Your next step should be to define what "business critical confidential" means to your organization. In the simplest terms, that definition should be measured against three standards:
➢ Would the loss of this information materially affect revenue and profitability?
➢ Would your organization's leadership want to be informed of a leak?
➢ Would your organization's leadership take action if informed of a leak?
In some ways, these are three separate questions driving to the same concept, but in a practical sense, applying all three questions enables organizations to cut through noise and churn, to focus on the true heart of "business critical confidential."
Once this definition is established, the second step is to measure the business against that definition, to gain clarity regarding the real risks. The areas of greatest concern do not necessarily overlap the areas of greatest exposure. In many cases, the single greatest exposure existing in an organization can be easily remedied by altering a single business process. The areas of greater concern are the ones that are harder to control.
Educate your organization and address problems
"Information security policy" -- have the shivers yet? A tremendous amount of research and effort goes into crafting an organization's information security policy. There are legal and liability reasons for much of what a typical information security policy covers. Unfortunately, in a practical sense, dozens (or hundreds) of pages covering a large amount of ground do not assist the typical information worker in making daily judgment calls on how to use and store confidential information.
Once the definition of "confidential" is determined and the use of confidential information has been measured, the next step is to use that insight to author a practical and concise policy. Your goal should be to keep the policy under a half-page in length, and to use it to define, in stereotypical "30 second elevator conversation," what data is confidential, and how it should be used.

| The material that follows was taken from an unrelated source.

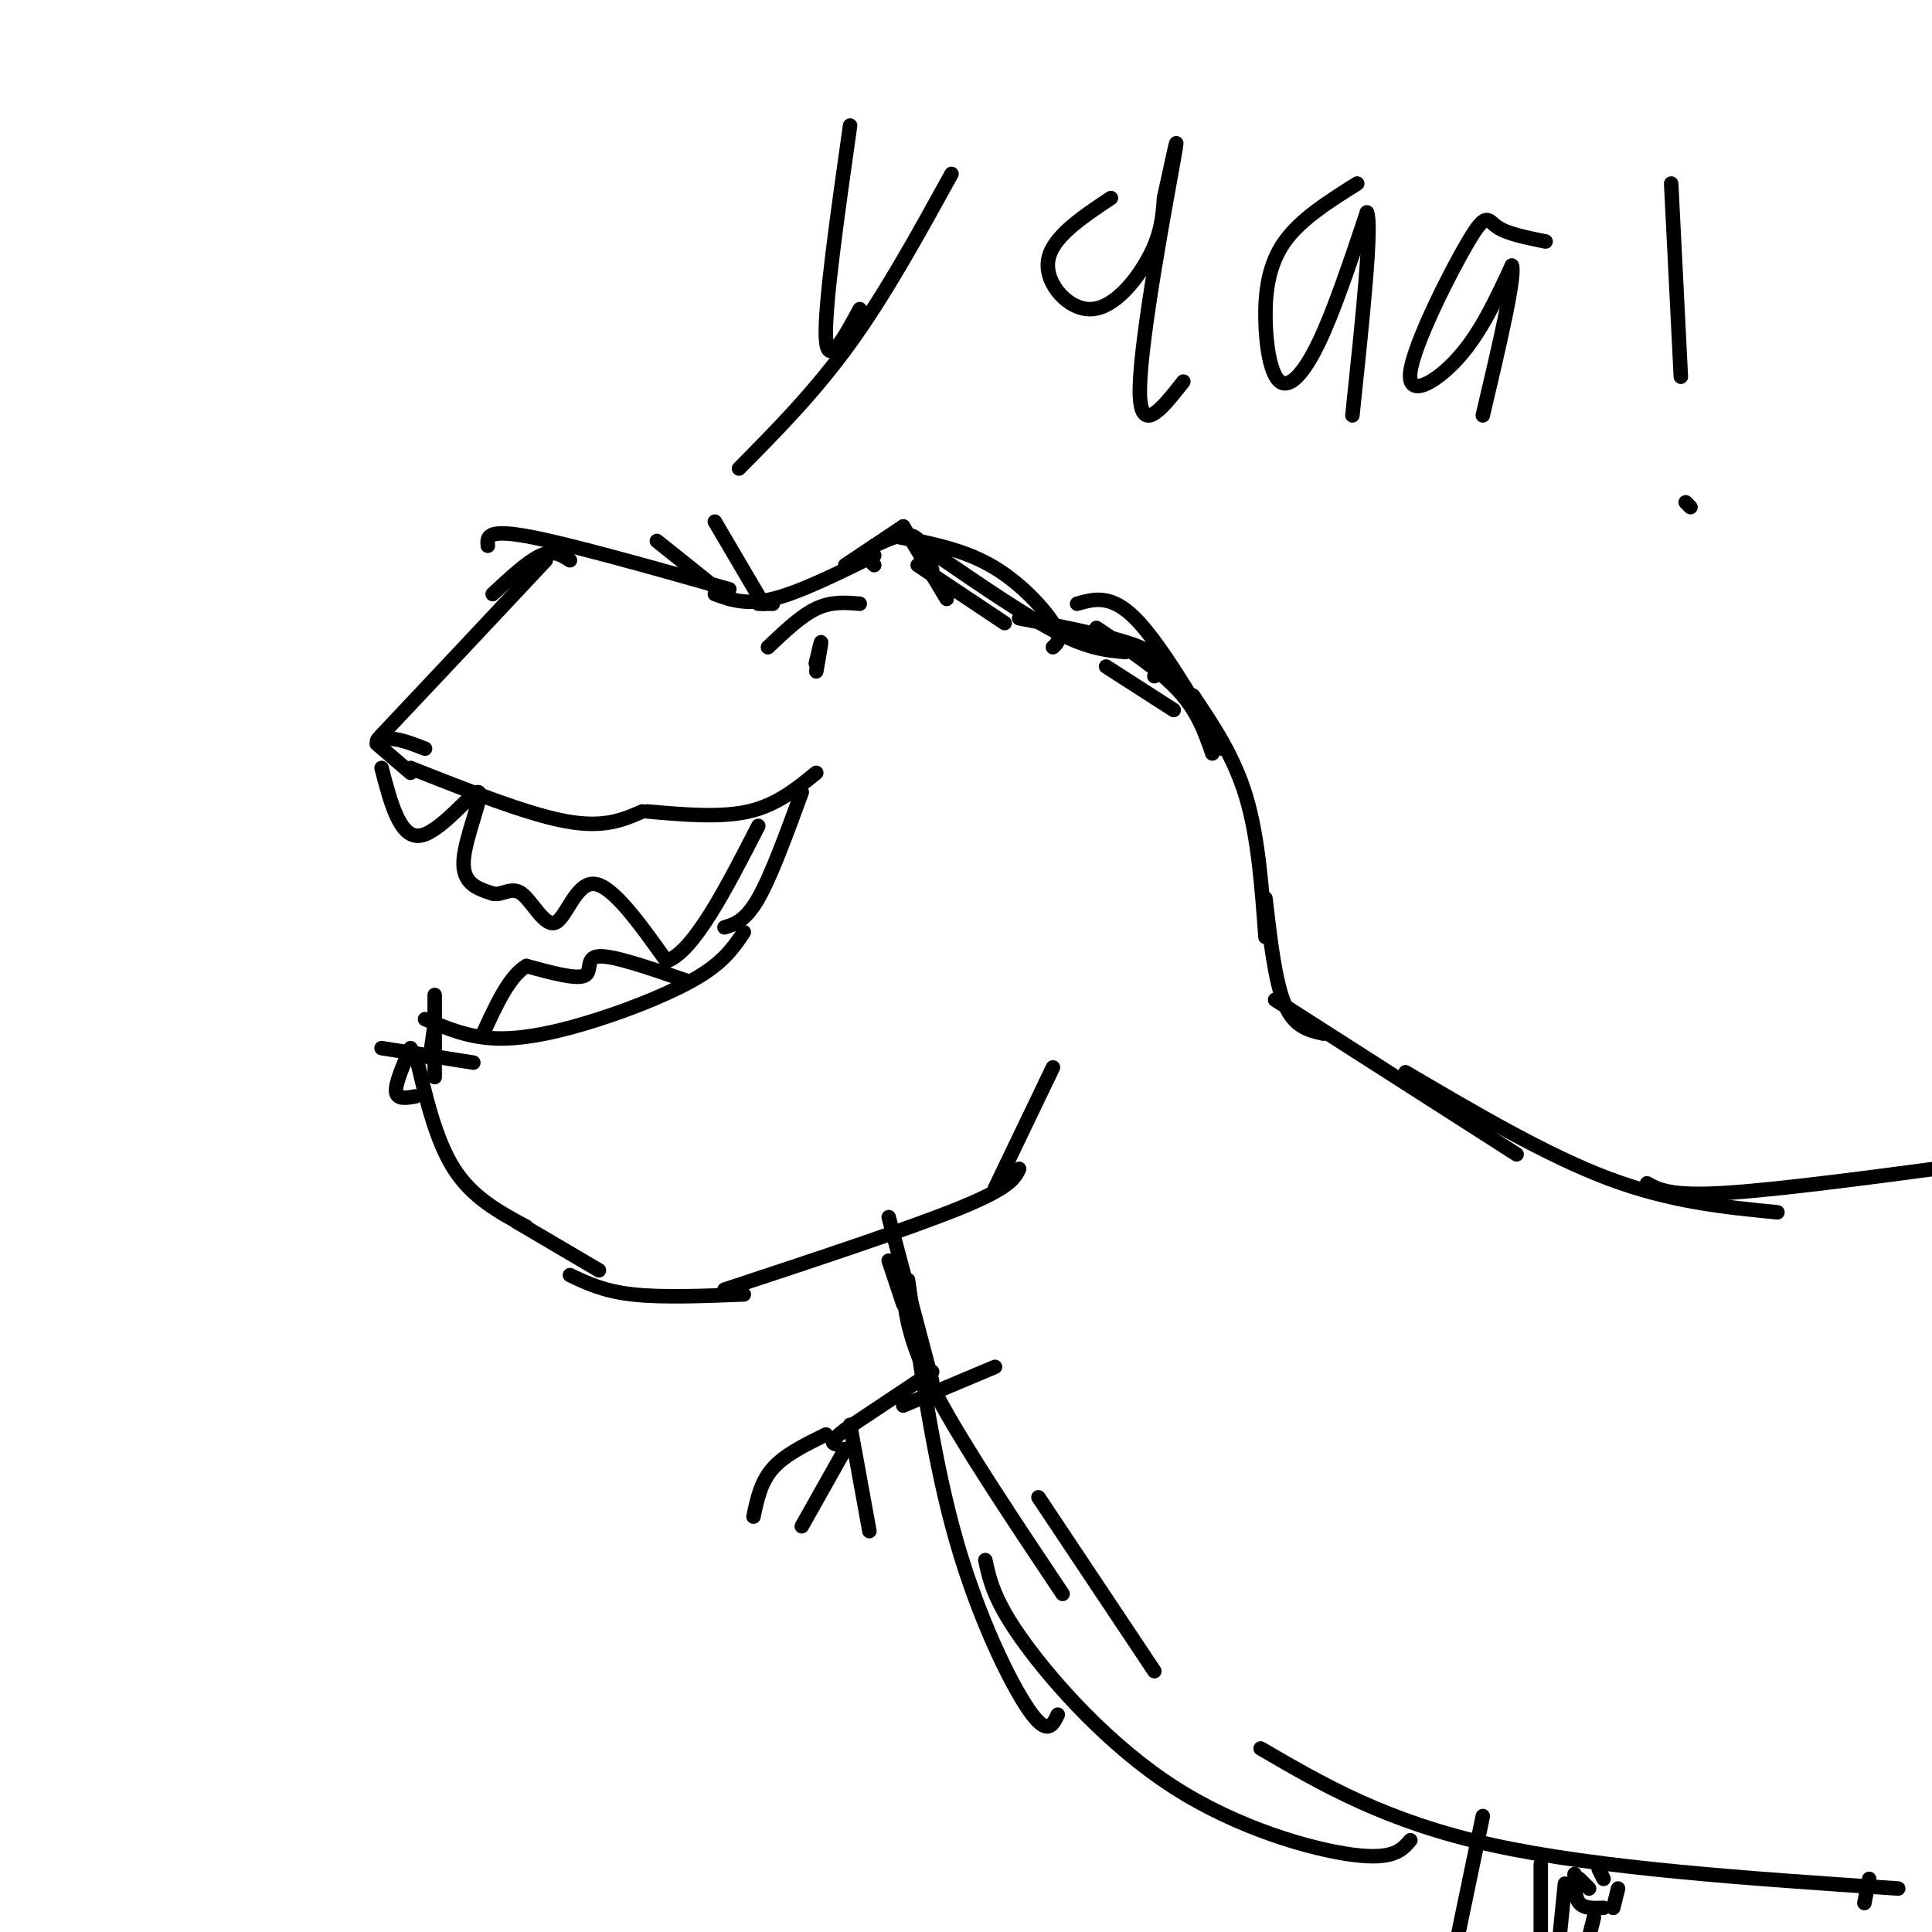 <svg viewBox='0 0 400 400' version='1.1' xmlns='http://www.w3.org/2000/svg' xmlns:xlink='http://www.w3.org/1999/xlink'><g fill='none' stroke='#000000' stroke-width='3' stroke-linecap='round' stroke-linejoin='round'><path d='M157,125c0.000,0.000 3.000,0.000 3,0'/><path d='M148,123c3.250,1.167 6.500,2.333 12,1c5.500,-1.333 13.250,-5.167 21,-9'/><path d='M175,117c0.000,0.000 12.000,-8.000 12,-8'/><path d='M187,109c0.000,0.000 9.000,15.000 9,15'/><path d='M181,117c0.000,0.000 -1.000,-1.000 -1,-1'/><path d='M181,113c3.000,-1.417 6.000,-2.833 8,-2c2.000,0.833 3.000,3.917 4,7'/><path d='M190,117c0.000,0.000 18.000,12.000 18,12'/><path d='M194,115c9.250,6.333 18.500,12.667 25,16c6.500,3.333 10.250,3.667 14,4'/><path d='M185,111c7.000,1.311 14.000,2.622 20,6c6.000,3.378 11.000,8.822 13,12c2.000,3.178 1.000,4.089 0,5'/><path d='M211,128c10.167,2.000 20.333,4.000 25,6c4.667,2.000 3.833,4.000 3,6'/><path d='M227,130c6.500,4.333 13.000,8.667 17,13c4.000,4.333 5.500,8.667 7,13'/><path d='M229,138c0.000,0.000 14.000,9.000 14,9'/><path d='M223,125c3.500,-1.000 7.000,-2.000 12,3c5.000,5.000 11.500,16.000 18,27'/><path d='M247,144c4.250,6.333 8.500,12.667 11,21c2.500,8.333 3.250,18.667 4,29'/><path d='M262,186c1.000,8.667 2.000,17.333 4,22c2.000,4.667 5.000,5.333 8,6'/><path d='M264,207c0.000,0.000 50.000,32.000 50,32'/><path d='M291,222c14.583,8.583 29.167,17.167 42,22c12.833,4.833 23.917,5.917 35,7'/><path d='M341,245c2.417,1.333 4.833,2.667 16,2c11.167,-0.667 31.083,-3.333 51,-6'/><path d='M158,125c0.000,0.000 -10.000,-17.000 -10,-17'/><path d='M151,124c0.000,0.000 -15.000,-12.000 -15,-12'/><path d='M151,122c-16.833,-4.750 -33.667,-9.500 -42,-11c-8.333,-1.500 -8.167,0.250 -8,2'/><path d='M118,116c-1.667,-1.083 -3.333,-2.167 -6,-1c-2.667,1.167 -6.333,4.583 -10,8'/><path d='M113,116c-12.689,13.533 -25.378,27.067 -31,33c-5.622,5.933 -4.178,4.267 -2,4c2.178,-0.267 5.089,0.867 8,2'/><path d='M78,154c0.000,0.000 7.000,6.000 7,6'/><path d='M85,159c12.000,4.750 24.000,9.500 32,11c8.000,1.500 12.000,-0.250 16,-2'/><path d='M134,168c7.583,0.667 15.167,1.333 21,0c5.833,-1.333 9.917,-4.667 14,-8'/><path d='M166,164c-3.167,8.667 -6.333,17.333 -9,22c-2.667,4.667 -4.833,5.333 -7,6'/><path d='M154,193c-1.964,2.929 -3.929,5.857 -9,9c-5.071,3.143 -13.250,6.500 -21,9c-7.750,2.500 -15.071,4.143 -21,4c-5.929,-0.143 -10.464,-2.071 -15,-4'/><path d='M98,220c0.000,0.000 -19.000,-3.000 -19,-3'/><path d='M85,217c-1.583,3.667 -3.167,7.333 -3,9c0.167,1.667 2.083,1.333 4,1'/><path d='M89,219c0.000,0.000 1.000,-7.000 1,-7'/><path d='M90,206c0.000,0.000 0.000,17.000 0,17'/><path d='M86,218c2.083,9.000 4.167,18.000 8,24c3.833,6.000 9.417,9.000 15,12'/><path d='M107,253c0.000,0.000 17.000,10.000 17,10'/><path d='M118,264c3.500,1.667 7.000,3.333 13,4c6.000,0.667 14.500,0.333 23,0'/><path d='M150,267c19.417,-6.417 38.833,-12.833 49,-17c10.167,-4.167 11.083,-6.083 12,-8'/><path d='M206,246c0.000,0.000 12.000,-25.000 12,-25'/><path d='M184,261c0.000,0.000 3.000,9.000 3,9'/><path d='M184,252c0.000,0.000 9.000,34.000 9,34'/><path d='M187,268c0.750,5.333 1.500,10.667 7,21c5.500,10.333 15.750,25.667 26,41'/><path d='M215,310c0.000,0.000 24.000,36.000 24,36'/><path d='M188,265c2.689,18.933 5.378,37.867 10,54c4.622,16.133 11.178,29.467 15,35c3.822,5.533 4.911,3.267 6,1'/><path d='M204,323c0.905,4.226 1.810,8.452 8,17c6.190,8.548 17.667,21.417 31,30c13.333,8.583 28.524,12.881 37,14c8.476,1.119 10.238,-0.940 12,-3'/><path d='M261,362c13.000,7.583 26.000,15.167 48,20c22.000,4.833 53.000,6.917 84,9'/><path d='M206,283c0.000,0.000 -19.000,8.000 -19,8'/><path d='M193,284c0.000,0.000 -18.000,12.000 -18,12'/><path d='M175,296c-3.333,2.500 -2.667,2.750 -2,3'/><path d='M175,300c0.000,0.000 -9.000,16.000 -9,16'/><path d='M176,295c0.000,0.000 4.000,22.000 4,22'/><path d='M171,297c-4.250,2.083 -8.500,4.167 -11,7c-2.500,2.833 -3.250,6.417 -4,10'/><path d='M79,159c1.899,7.310 3.798,14.619 8,14c4.202,-0.619 10.708,-9.167 12,-9c1.292,0.167 -2.631,9.048 -3,14c-0.369,4.952 2.815,5.976 6,7'/><path d='M102,185c1.943,0.541 3.799,-1.608 6,0c2.201,1.608 4.746,6.971 7,6c2.254,-0.971 4.215,-8.278 8,-8c3.785,0.278 9.392,8.139 15,16'/><path d='M138,199c5.667,-2.000 12.333,-15.000 19,-28'/><path d='M142,203c-7.533,-2.600 -15.067,-5.200 -18,-5c-2.933,0.200 -1.267,3.200 -3,4c-1.733,0.800 -6.867,-0.600 -12,-2'/><path d='M109,200c-3.500,2.000 -6.250,8.000 -9,14'/><path d='M178,125c-2.917,-0.250 -5.833,-0.500 -9,1c-3.167,1.500 -6.583,4.750 -10,8'/><path d='M169,139c0.500,-2.833 1.000,-5.667 1,-6c0.000,-0.333 -0.500,1.833 -1,4'/><path d='M169,137c-0.167,0.667 -0.083,0.333 0,0'/><path d='M176,26c-2.667,18.833 -5.333,37.667 -5,44c0.333,6.333 3.667,0.167 7,-6'/><path d='M197,36c-6.833,12.417 -13.667,24.833 -21,35c-7.333,10.167 -15.167,18.083 -23,26'/><path d='M230,41c-6.173,4.107 -12.345,8.214 -13,13c-0.655,4.786 4.208,10.250 9,10c4.792,-0.250 9.512,-6.214 12,-11c2.488,-4.786 2.744,-8.393 3,-12'/><path d='M241,41c1.440,-6.476 3.542,-16.667 2,-8c-1.542,8.667 -6.726,36.190 -7,47c-0.274,10.810 4.363,4.905 9,-1'/><path d='M281,38c-5.844,3.675 -11.687,7.349 -15,12c-3.313,4.651 -4.094,10.278 -4,16c0.094,5.722 1.064,11.541 3,13c1.936,1.459 4.839,-1.440 8,-8c3.161,-6.560 6.581,-16.780 10,-27'/><path d='M283,44c1.167,2.500 -0.917,22.250 -3,42'/><path d='M320,50c-3.973,-0.796 -7.946,-1.592 -10,-3c-2.054,-1.408 -2.190,-3.429 -6,3c-3.810,6.429 -11.295,21.308 -12,27c-0.705,5.692 5.370,2.198 10,-3c4.630,-5.198 7.815,-12.099 11,-19'/><path d='M313,55c0.833,2.000 -2.583,16.500 -6,31'/><path d='M346,38c0.000,0.000 2.000,40.000 2,40'/><path d='M349,104c0.000,0.000 1.000,1.000 1,1'/><path d='M307,376c0.000,0.000 -5.000,24.000 -5,24'/><path d='M319,386c0.000,0.000 0.000,14.000 0,14'/><path d='M326,388c0.000,2.417 0.000,4.833 1,6c1.000,1.167 3.000,1.083 5,1'/><path d='M330,397c0.000,0.000 -1.000,4.000 -1,4'/><path d='M327,389c0.000,0.000 2.000,2.000 2,2'/><path d='M331,387c0.000,0.000 1.000,2.000 1,2'/><path d='M335,391c0.000,0.000 -1.000,4.000 -1,4'/><path d='M324,390c0.000,0.000 -1.000,10.000 -1,10'/><path d='M387,389c0.000,0.000 -1.000,5.000 -1,5'/></g>
</svg>

Following the creation of that policy, three actions should be taken:
➢ Resolve process issues that violate the policy and cause ongoing incidents.
➢ Educate users on the policy.
➢ Provide ongoing, real-time notification to users.
As early adopters in the industry take on data loss prevention projects, there are many indications that clear, concise communication, coupled with education, can reduce data loss incidents by more than 90 per cent.
Prevent data loss from occurring
If process change, user education and real-time notification can reduce risk by 90 per cent, technological enforcement can narrow the remaining 10 per cent. The real key, however, is to make security an ongoing priority. Invest wisely and consistently in security technology that is tailored to manage the specific risks your organization is likely to face.
One way to do this is to dedicate an internal or external resource to monitor and manage security issues, making sure that this resource reports to the appropriate stakeholders. This strategy allows you to monitor security risks in real time, keeping the organization informed and involved in the security of your data.
Data loss is a threat that will continue to weigh heavily on the minds of IT executives everywhere, but there are tested and proven ways to safeguard your organization. By defining your data, educating your staff and taking proactive measures to prevent data loss, you will be able to dramatically mitigate your risk of falling victim to this common security threat.